Nos dias que antecederam o primeiro turno, em 7.out.2018, a integridade da votação era uma preocupação entre as pessoas, que faziam perguntas para o número de WhatsApp do Comprova. Fotos de boletins de urna declarando vencedores circularam desde cedo on-line. Com base no interesse do público e notando uma possível tendência de votos baseados em desinformação, os parceiros do Comprova colaboraram na verificação da autenticidade da foto e publicaram reportagens esclarecendo sobre as imagens dos boletins. As fotos eram autênticas, mas o “vencedor” descrito no boletim era apenas da seção eleitoral, e não o resultado final da eleição. A equipe respondeu as perguntas sobre esse boletim de urna com um link para o desmentido do Comprova. No Zendesk, nós criamos uma “macro” (respostas pré-formatadas em uma lista de opções). Assim, com um único clique, nós podíamos enviar o desmentido para cada pessoa que perguntou sobre os boletins de urna; a resposta foi enviada 900 vezes para diferentes pessoas que perguntaram sobre isso.
O projeto colaborativo CrossCheck da França durou 10 semanas na primavera de 2017 e recebeu 600 questões do público através de um formulário no site. Nós fomos avisados pelos jornalistas brasileiros que poderíamos esperar receber 600 questões dos brasileiros na primeira hora. Eles disseram isso sem rir e estavam certos sobre o engajamento da população: o Comprova recebeu quase 70 mil questões do público. Durante a primeira semana de outubro, até o primeiro turno, a conta no WhatsApp recebeu uma média de três mil questões por dia. O gerente de projetos do Zendesk reportou que a plataforma costuma receber duas mil mensagens por mês para os seus clientes mais ativos, então o Comprova foi uma experiência particularmente “viral”.
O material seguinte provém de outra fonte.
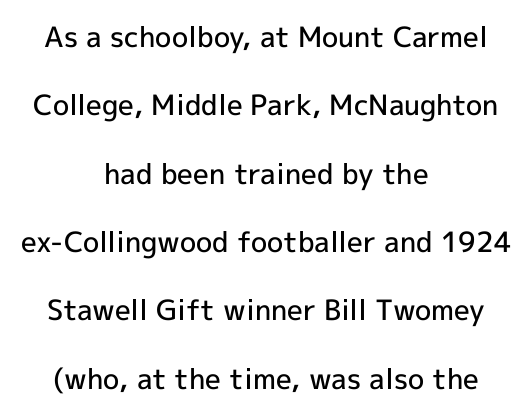
Q: Is the text bold? A: Semi-bold.
Q: Is the text italic (slanted)? A: No, it is upright.
Q: Is the typeface a serif or a sans-serif typeface? A: Sans-serif.
Q: Is the text underlined? A: No.
Q: How is the paragraph aligned? A: Centered.
Q: Is the spacing between letters normal or unusually wide? A: Normal.
Q: Is the spacing between lines tight, normal or loose? A: Loose.
Q: Width (condensed, normal, or wide)? A: Normal.
Q: x-height? A: Medium.
Q: Monospaced? A: No.

Nós tivemos uma curva de aprendizado para aprender os recursos e as limitações de uma conta do WhatsApp Business. Por exemplo, não há atualização de status nem a capacidade de ter um feed de rolagem de informações que torne mais fácil o compartilhamento pelas pessoas. Dependendo do caminho do usuário no site do projeto, a pessoa chega a um campo para receber atualizações do projeto ou fazer sua pergunta. Nosso objetivo era responder dentro de 24 horas, mas recebemos muitas mensagens e nosso tempo médio de resposta foi de aproximadamente 36 horas. Ao trabalhar com o Zendesk para estabelecer essa integração, muitas das analogias estavam relacionadas a companhias aéreas, já que elas têm sido as maiores adotantes da API do WhatsApp Business. Essas analogias também indicam que nós precisamos de integrações técnicas projetadas especificamente para os desafios do jornalismo.
Representantes do WhatsApp e do Zendesk nos contataram, muitas vezes em finais de semana, para saber como nós estávamos nos dando com a API. A equipe está claramente ciente dos desafios da desinformação que circula na plataforma e vê projetos como o Comprova como uma maneira de ajudar.
Não havia como a equipe do Comprova ter lidado com quase 70 mil mensagens em um único celular, então a API do WhatsApp foi fundamental para as ambições do projeto, que era informar o eleitorado brasileiro. Nós esperamos que o Comprova volte em 2019 mas, enquanto isso, estamos usando a mesma integração da API em nosso mais novo projeto, CrossCheck Nigéria. Nós suspeitamos que o tráfego do WhatsApp na Nigéria irá rivalizar com o do Brasil, mas independentemente do que aconteça, o aprendizado continua.